Work instruction:
Leave out the lines before the one with "31.893C30.488 31.086 30.267"; output that line and all remaining lines of the records exactly.

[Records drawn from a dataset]
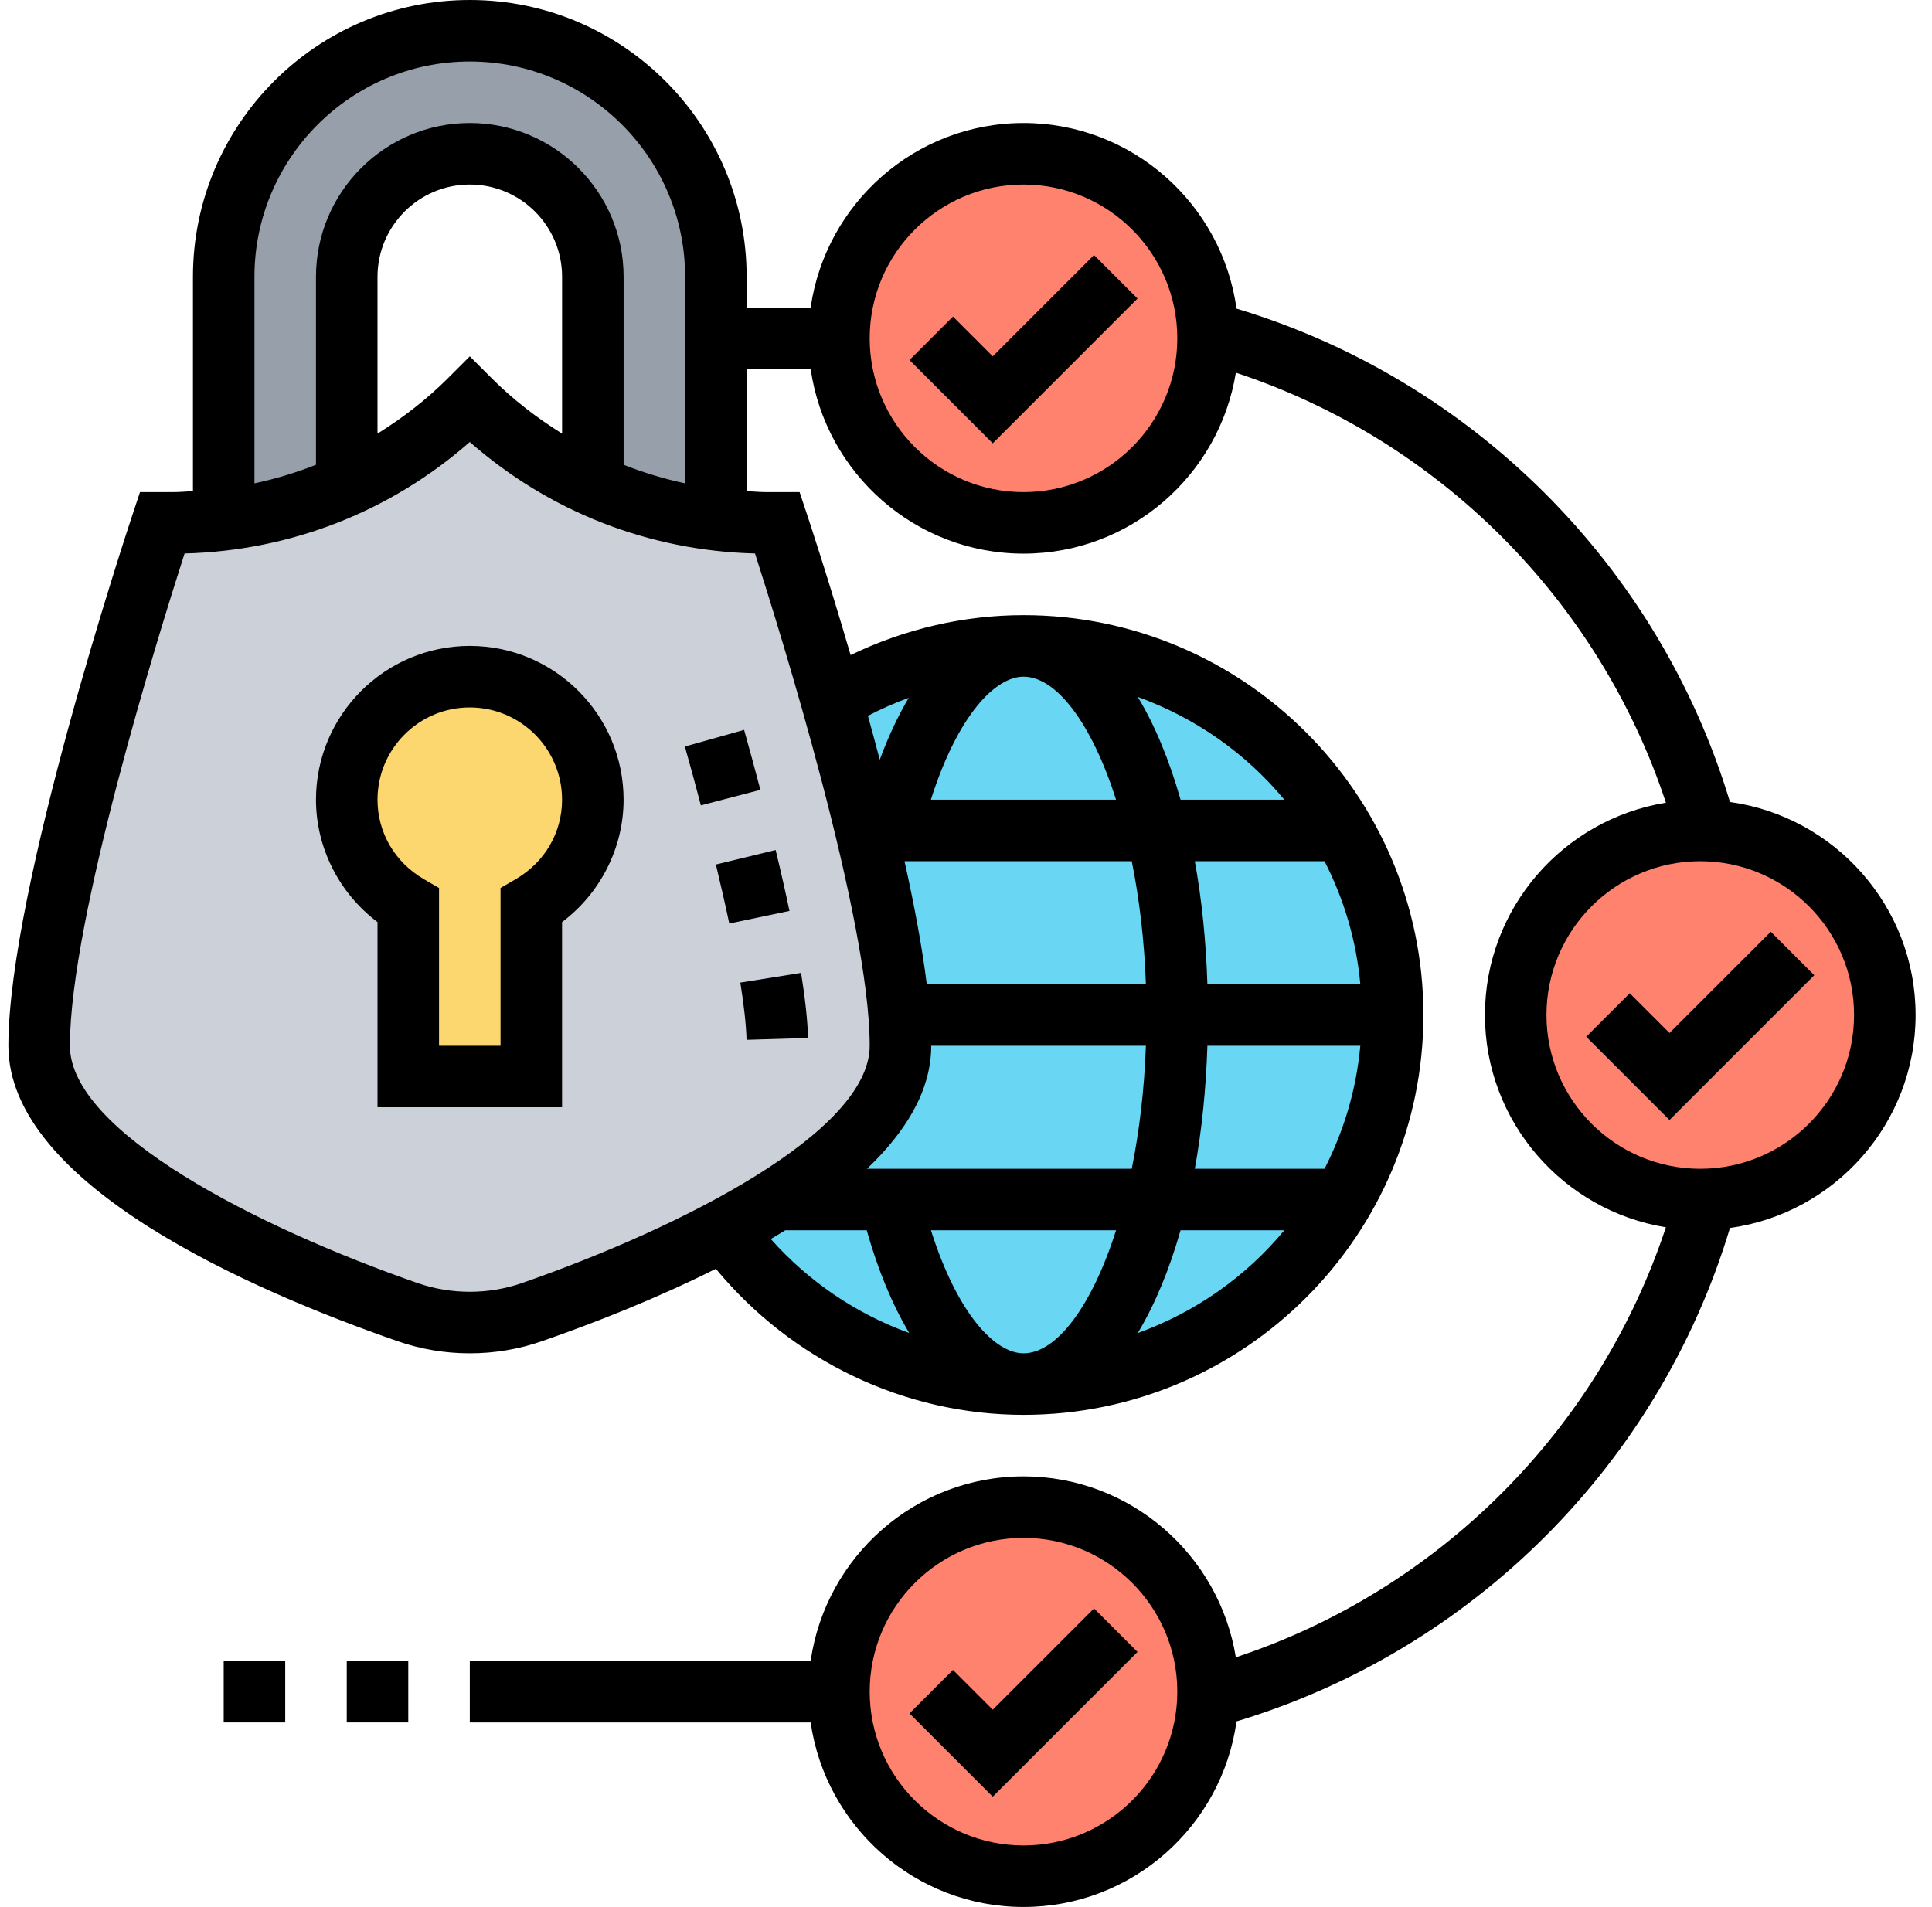 <svg width="78" height="77" viewBox="0 0 78 77" fill="none" xmlns="http://www.w3.org/2000/svg">
<path d="M54.225 33.52C51.655 29.074 46.836 26.081 41.322 26.081C38.478 26.081 35.832 26.888 33.572 28.267C34.044 29.931 34.528 31.744 34.963 33.532C35.609 36.24 36.13 38.91 36.304 40.984C36.329 41.419 36.354 41.841 36.354 42.226C36.354 44.523 34.131 46.66 31.337 48.435C30.654 48.858 29.933 49.28 29.213 49.653C31.92 53.428 36.329 55.887 41.322 55.887C46.836 55.887 51.655 52.894 54.225 48.448C55.505 46.25 56.225 43.704 56.225 40.984C56.225 38.264 55.505 35.718 54.225 33.52Z" fill="#69D6F4"/>
<path d="M41.322 60.855C45.432 60.855 48.773 64.196 48.773 68.306C48.773 68.393 48.773 68.48 48.761 68.567C48.624 72.554 45.346 75.758 41.322 75.758C37.211 75.758 33.87 72.417 33.87 68.306C33.87 64.196 37.211 60.855 41.322 60.855Z" fill="#FF826E"/>
<path d="M68.905 33.545C72.891 33.681 76.096 36.96 76.096 40.984C76.096 45.008 72.891 48.286 68.905 48.423C68.818 48.436 68.731 48.436 68.644 48.436C64.533 48.436 61.192 45.095 61.192 40.984C61.192 36.873 64.533 33.532 68.644 33.532C68.731 33.532 68.818 33.532 68.905 33.545Z" fill="#FF826E"/>
<path d="M41.322 6.21C45.346 6.21 48.624 9.414 48.761 13.4C48.773 13.488 48.773 13.574 48.773 13.661C48.773 17.772 45.432 21.113 41.322 21.113C37.211 21.113 33.87 17.772 33.87 13.661C33.87 9.551 37.211 6.21 41.322 6.21Z" fill="#FF826E"/>
<path d="M23.934 19.573V11.177C23.934 8.433 21.711 6.21 18.967 6.21C17.601 6.21 16.359 6.769 15.452 7.663C14.558 8.569 13.999 9.811 13.999 11.177V19.573V19.585C13.825 19.672 13.639 19.747 13.465 19.821C12.049 20.405 10.571 20.802 9.031 20.976V11.177C9.031 8.433 10.149 5.949 11.937 4.148C13.738 2.36 16.222 1.242 18.967 1.242C24.456 1.242 28.902 5.688 28.902 11.177V13.661V20.976C27.176 20.778 25.499 20.306 23.934 19.585V19.573Z" fill="#969FAA"/>
<path d="M34.962 33.532C35.608 36.24 36.13 38.91 36.304 40.984C36.328 41.419 36.353 41.841 36.353 42.226C36.353 44.523 34.13 46.66 31.336 48.435C30.653 48.858 29.933 49.28 29.212 49.653C26.269 51.23 23.164 52.385 21.475 52.981C20.668 53.267 19.823 53.403 18.966 53.403C18.109 53.403 17.265 53.267 16.457 52.981C12.645 51.652 1.579 47.367 1.579 42.226C1.579 36.016 6.547 21.113 6.547 21.113H6.969C7.665 21.113 8.36 21.076 9.031 20.976C10.571 20.802 12.049 20.405 13.464 19.821C13.638 19.747 13.825 19.672 13.998 19.585C15.824 18.753 17.513 17.598 18.966 16.145C20.419 17.598 22.108 18.753 23.934 19.585C25.499 20.306 27.175 20.778 28.902 20.976C29.572 21.076 30.268 21.113 30.963 21.113H31.386C31.386 21.113 32.429 24.255 33.571 28.266C34.043 29.931 34.528 31.744 34.962 33.532Z" fill="#CCD1D9"/>
<path d="M18.967 27.323C21.711 27.323 23.934 29.546 23.934 32.29C23.934 34.128 22.928 35.706 21.451 36.575V43.468H16.483V36.575C15.005 35.706 13.999 34.128 13.999 32.29C13.999 29.546 16.222 27.323 18.967 27.323Z" fill="#FCD770"/>
<path d="M12.757 32.29C12.757 34.231 13.693 36.066 15.241 37.232V44.71H22.692V37.232C24.24 36.066 25.176 34.231 25.176 32.29C25.176 28.866 22.39 26.081 18.966 26.081C15.543 26.081 12.757 28.866 12.757 32.29ZM22.692 32.29C22.692 33.617 21.994 34.815 20.826 35.496L20.208 35.855V42.226H17.725V35.855L17.107 35.496C15.939 34.815 15.241 33.617 15.241 32.29C15.241 30.236 16.912 28.565 18.966 28.565C21.021 28.565 22.692 30.236 22.692 32.29Z" fill="black"/>
<path d="M71.492 37.622L67.402 41.712L65.796 40.106L64.04 41.862L67.402 45.224L73.248 39.378L71.492 37.622Z" fill="black"/>
<path d="M40.08 69.034L38.474 67.428L36.718 69.184L40.08 72.546L45.925 66.701L44.169 64.945L40.08 69.034Z" fill="black"/>
<path d="M40.08 14.389L38.474 12.783L36.718 14.539L40.08 17.901L45.925 12.055L44.169 10.299L40.08 14.389Z" fill="black"/>
<path d="M77.338 40.984C77.338 36.599 74.07 32.971 69.844 32.383C66.973 22.852 59.454 15.333 49.922 12.462C49.335 8.235 45.707 4.968 41.322 4.968C36.951 4.968 33.334 8.214 32.728 12.419H30.144V11.177C30.144 5.014 25.131 0 18.967 0C12.803 0 7.79 5.014 7.79 11.177V19.831C7.518 19.845 7.248 19.871 6.974 19.871H5.652L5.369 20.721C5.164 21.337 0.338 35.887 0.338 42.226C0.338 47.852 10.18 52.114 16.047 54.153C16.985 54.48 17.967 54.645 18.967 54.645C19.967 54.645 20.949 54.48 21.887 54.153C23.937 53.441 26.471 52.451 28.902 51.232C31.959 54.931 36.511 57.129 41.322 57.129C50.224 57.129 57.467 49.886 57.467 40.984C57.467 32.082 50.224 24.839 41.322 24.839C38.904 24.839 36.522 25.398 34.342 26.45C33.422 23.304 32.644 20.959 32.564 20.719L32.282 19.871H30.962C30.687 19.871 30.418 19.845 30.146 19.831V14.903H32.729C33.335 19.108 36.953 22.355 41.323 22.355C45.642 22.355 49.228 19.183 49.895 15.049C58.08 17.753 64.553 24.226 67.258 32.412C63.123 33.079 59.951 36.664 59.951 40.984C59.951 45.303 63.123 48.889 67.257 49.556C64.552 57.741 58.079 64.214 49.894 66.919C49.227 62.785 45.641 59.613 41.322 59.613C36.951 59.613 33.334 62.859 32.728 67.064H18.967V69.548H32.728C33.334 73.754 36.951 77 41.322 77C45.707 77 49.335 73.733 49.922 69.506C59.454 66.635 66.973 59.116 69.844 49.584C74.07 48.997 77.338 45.369 77.338 40.984ZM31.119 50.029C31.316 49.913 31.512 49.797 31.704 49.677H34.992C35.451 51.306 36.035 52.697 36.709 53.825C34.576 53.053 32.649 51.753 31.119 50.029ZM41.322 27.323C42.657 27.323 44.079 29.219 45.059 32.29H37.582C38.668 28.872 40.184 27.323 41.322 27.323ZM45.692 34.774C45.995 36.276 46.199 37.945 46.263 39.742H37.416C37.23 38.238 36.909 36.534 36.518 34.774H45.692ZM54.92 39.742H48.746C48.689 37.98 48.517 36.31 48.238 34.774H53.474C54.253 36.291 54.76 37.966 54.92 39.742ZM54.92 42.226C54.758 44.002 54.253 45.677 53.474 47.194H48.238C48.517 45.657 48.689 43.988 48.746 42.226H54.92ZM37.596 42.226H46.263C46.199 44.023 45.994 45.692 45.692 47.194H35.002C36.574 45.697 37.596 44.033 37.596 42.226ZM41.322 54.645C40.185 54.645 38.669 53.094 37.585 49.677H45.06C44.079 52.749 42.657 54.645 41.322 54.645ZM45.934 53.827C46.621 52.685 47.205 51.286 47.662 49.677H51.851C50.303 51.549 48.262 52.987 45.934 53.827ZM51.852 32.29H47.663C47.206 30.682 46.624 29.282 45.936 28.141C48.262 28.981 50.303 30.419 51.852 32.29ZM36.689 28.176C36.258 28.902 35.865 29.738 35.518 30.675C35.361 30.075 35.2 29.483 35.04 28.904C35.577 28.624 36.126 28.381 36.689 28.176ZM35.112 42.226C35.112 45.696 27.547 49.556 21.071 51.809C19.72 52.277 18.213 52.277 16.862 51.809C10.386 49.556 2.822 45.696 2.822 42.226C2.822 37.117 6.418 25.564 7.452 22.349C11.734 22.239 15.767 20.658 18.967 17.847C22.167 20.658 26.2 22.239 30.482 22.349C31.515 25.564 35.112 37.115 35.112 42.226ZM22.693 17.509C21.674 16.875 20.714 16.137 19.845 15.267L18.967 14.389L18.089 15.267C17.22 16.137 16.259 16.875 15.241 17.509V11.177C15.241 9.123 16.913 7.452 18.967 7.452C21.021 7.452 22.693 9.123 22.693 11.177V17.509ZM25.177 18.767V11.177C25.177 7.753 22.391 4.968 18.967 4.968C15.543 4.968 12.757 7.753 12.757 11.177V18.767C11.954 19.085 11.124 19.337 10.273 19.517V11.177C10.273 6.385 14.174 2.484 18.967 2.484C23.76 2.484 27.66 6.385 27.66 11.177V19.517C26.81 19.336 25.98 19.084 25.177 18.767ZM41.322 19.871C37.898 19.871 35.112 17.085 35.112 13.661C35.112 10.237 37.898 7.452 41.322 7.452C44.746 7.452 47.531 10.237 47.531 13.661C47.531 17.085 44.746 19.871 41.322 19.871ZM41.322 74.516C37.898 74.516 35.112 71.731 35.112 68.306C35.112 64.882 37.898 62.097 41.322 62.097C44.746 62.097 47.531 64.882 47.531 68.306C47.531 71.731 44.746 74.516 41.322 74.516ZM68.644 47.194C65.22 47.194 62.435 44.408 62.435 40.984C62.435 37.56 65.22 34.774 68.644 34.774C72.068 34.774 74.854 37.56 74.854 40.984C74.854 44.408 72.068 47.194 68.644 47.194Z" fill="black"/>
<path d="M9.031 67.064H11.515V69.548H9.031V67.064Z" fill="black"/>
<path d="M13.999 67.064H16.483V69.548H13.999V67.064Z" fill="black"/>
<path d="M30.699 31.893C30.488 31.086 30.267 30.272 30.042 29.471L27.65 30.143C27.872 30.93 28.09 31.725 28.296 32.519L30.699 31.893Z" fill="black"/>
<path d="M29.443 37.29L31.873 36.781C31.708 35.994 31.52 35.168 31.315 34.322L28.902 34.907C29.099 35.727 29.282 36.528 29.443 37.29Z" fill="black"/>
<path d="M30.141 41.987L32.625 41.912C32.602 41.205 32.508 40.321 32.342 39.284L29.889 39.676C30.039 40.608 30.122 41.385 30.141 41.987Z" fill="black"/>
</svg>

Exercise result:
<path d="M30.699 31.893C30.488 31.086 30.267 30.272 30.042 29.471L27.65 30.143C27.872 30.93 28.09 31.725 28.296 32.519L30.699 31.893Z" fill="black"/>
<path d="M29.443 37.29L31.873 36.781C31.708 35.994 31.52 35.168 31.315 34.322L28.902 34.907C29.099 35.727 29.282 36.528 29.443 37.29Z" fill="black"/>
<path d="M30.141 41.987L32.625 41.912C32.602 41.205 32.508 40.321 32.342 39.284L29.889 39.676C30.039 40.608 30.122 41.385 30.141 41.987Z" fill="black"/>
</svg>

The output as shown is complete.